Start of Task inputs

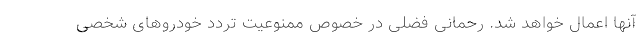
آنها اعمال خواهد شد. رحمانی فضلی در خصوص ممنوعیت تردد خودروهای شخصی
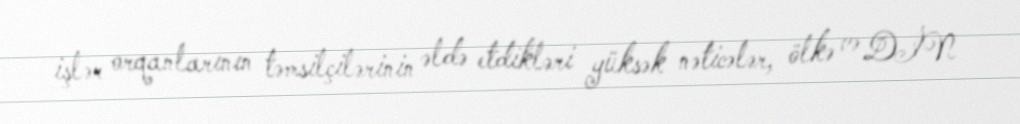
işlər orqanlarının təmsilçilərinin əldə etdikləri yüksək nəticələr, ölkə və DİN
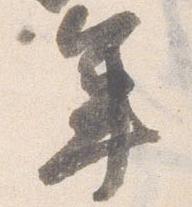
年
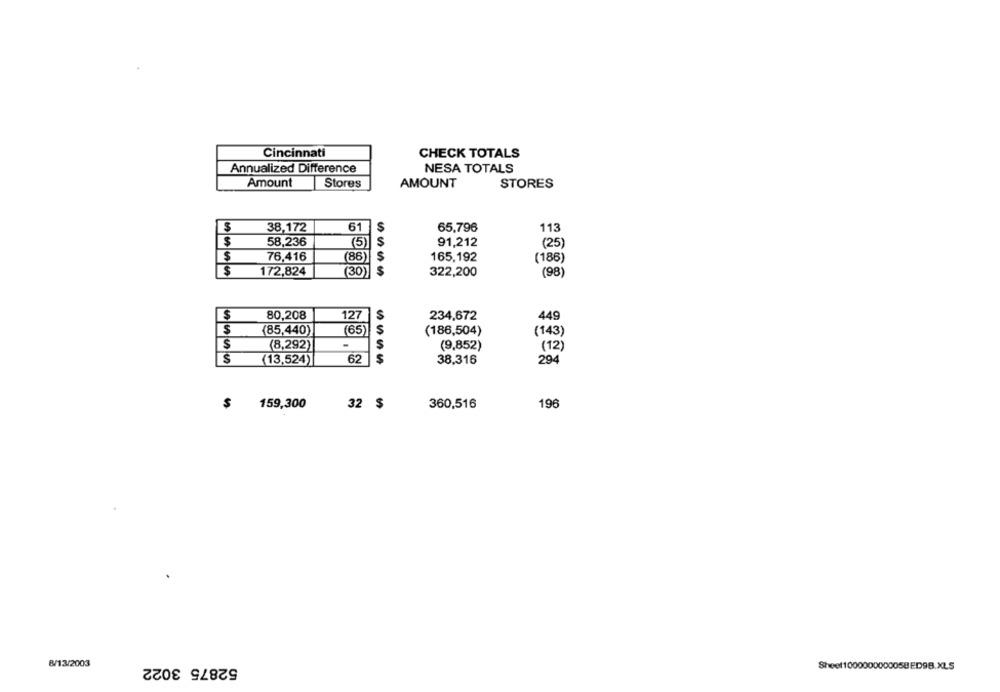
Cincinnati
CHECK TOTALS
Annualized Difference
NESA TOTALS
Amount
Stores
AMOUNT
STORES
38,172
61
S
65,796
113
$
$
58,236
(5)
S
91,212
(25)
$
S
76,416
(86)
165,192
(186)
$
172,824
(30)
322,200
(98)
$
80,208
127
$
234,672
449
$
(85,440)
(65)
5
(186,504)
(143)
$
(8,292)
S
(9,852)
(12)
$
62
S
294
(13,524)
38,316
$
159,300
32 $
360,516
196
8/13/2003
52875 3022
Sheet100000000005BED9B.XLS
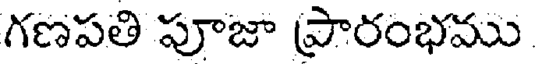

End of Task inputs

The task
Although the records contain pictures, transcribe only their text, exactly as written.

Exercise result
آنها اعمال خواهد شد. رحمانی فضلی در خصوص ممنوعیت تردد خودروهای شخصی
işlər orqanlarının təmsilçilərinin əldə etdikləri yüksək nəticələr, ölkə və DİN
年
Cincinnati
CHECK TOTALS
Annualized Difference
NESA TOTALS
Amount
Stores
AMOUNT
STORES
38,172
61
S
65,796
113
$
$
58,236
(5)
S
91,212
(25)
$
S
76,416
(86)
165,192
(186)
$
172,824
(30)
322,200
(98)
$
80,208
127
$
234,672
449
$
(85,440)
(65)
5
(186,504)
(143)
$
(8,292)
S
(9,852)
(12)
$
62
S
294
(13,524)
38,316
$
159,300
32 $
360,516
196
8/13/2003
52875 3022
Sheet100000000005BED9B.XLS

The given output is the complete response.